O trabalho do antropólogo e médico Paul Farmer (2003) no Haiti aborda as conexões entre práticas neoliberais e violência estrutural. Farmer observa que a interseção das disparidades de gênero, raça, classe e saúde no Haiti resulta em desafios de saúde específicos pelos quais os sistemas político, econômico e social assumem pouca responsabilidade. No município de Cange, Haiti, onde os residentes eram predominantemente agricultores, uma barragem financiada pelo FMI inundou um vale fértil e deslocou os residentes de seus campos, forçando-os a se mudarem para as encostas menos férteis ou para as cidades. Eles não receberam nenhuma rede pública de apoio subsequente, como escolas ou hospitais.
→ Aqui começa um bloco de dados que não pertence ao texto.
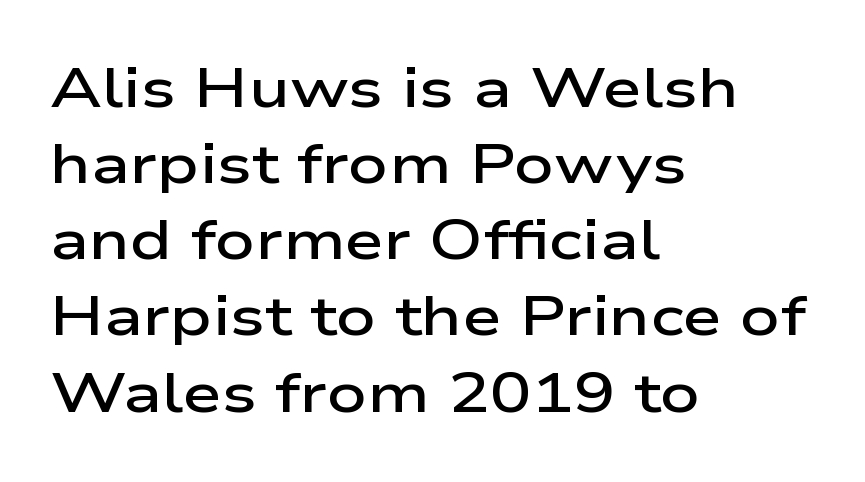
If you measured baseline to baseline, you'd find a middling distance. I'd call this a sans setting — the letters go barefoot. A bit beefed up — I'd call it semibold rather than bold. Does extra space separate the letters? No, they use regular spacing. Nobody drew a line under any word here.

A fusão desses fatores - perda de recursos econômicos da agricultura, trabalho forçado nas cidades e educação e saúde privatizadas - resultou no que Farmer descreveu como um modo de vida inerentemente opressivo. Muitos dos moradores que se mudaram para Porto Príncipe, capital do Haiti, foram forçados a contar com mão de obra assalariada, com alguns recorrendo à indústria do turismo sexual para sobreviver. Na década de 1980, alguns desses aldeões foram infectados pelo HIV. Para esses haitianos, o deslocamento de suas aldeias, causado pela barragem financiada pelo FMI, foi a causa raiz de sua posterior incapacidade de atender às necessidades básicas e de sua experiência de mais sofrimento. Este é um excelente exemplo de violência estrutural.
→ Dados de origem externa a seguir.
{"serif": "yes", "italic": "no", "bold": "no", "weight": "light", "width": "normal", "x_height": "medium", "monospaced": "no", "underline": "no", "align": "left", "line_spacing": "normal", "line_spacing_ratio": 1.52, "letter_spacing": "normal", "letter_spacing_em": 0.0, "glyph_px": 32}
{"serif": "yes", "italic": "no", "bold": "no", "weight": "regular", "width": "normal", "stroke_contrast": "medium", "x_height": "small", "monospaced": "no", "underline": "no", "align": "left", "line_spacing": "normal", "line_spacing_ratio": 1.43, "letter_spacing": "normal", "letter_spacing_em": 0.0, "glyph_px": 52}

Ao entender como os sistemas de classes, a pobreza, a riqueza e as desigualdades econômicas se cruzam em todo o mundo, os antropólogos podem esperar mudar os programas internacionais baseados em hierarquias presunçosas entre o “primeiro mundo” e o “terceiro mundo” e entre as classes poderosas e exploradas. O antropólogo William S. Willis Jr. afirma firmemente que “os antropólogos não devem dar crédito à teoria viciosa de que as pessoas pobres são responsáveis por sua pobreza” (1972, 149). As teorias da desigualdade mostram que a pobreza e o sucesso são, na maioria das vezes, o resultado não de ações individuais, mas das identidades que os indivíduos têm, dos diversos obstáculos que enfrentaram e, em grande parte, da loteria de seu nascimento. Os exames antropológicos da desigualdade devem considerar cuidadosamente as desigualdades institucionais e estruturais, ao mesmo tempo em que mantêm a capacidade do indivíduo de ser um instigador de mudanças mais amplas. De acordo com Willis, o objetivo da antropologia é acabar com a “pobreza e impotência” (1972, 149) vivenciada globalmente por pessoas de cor.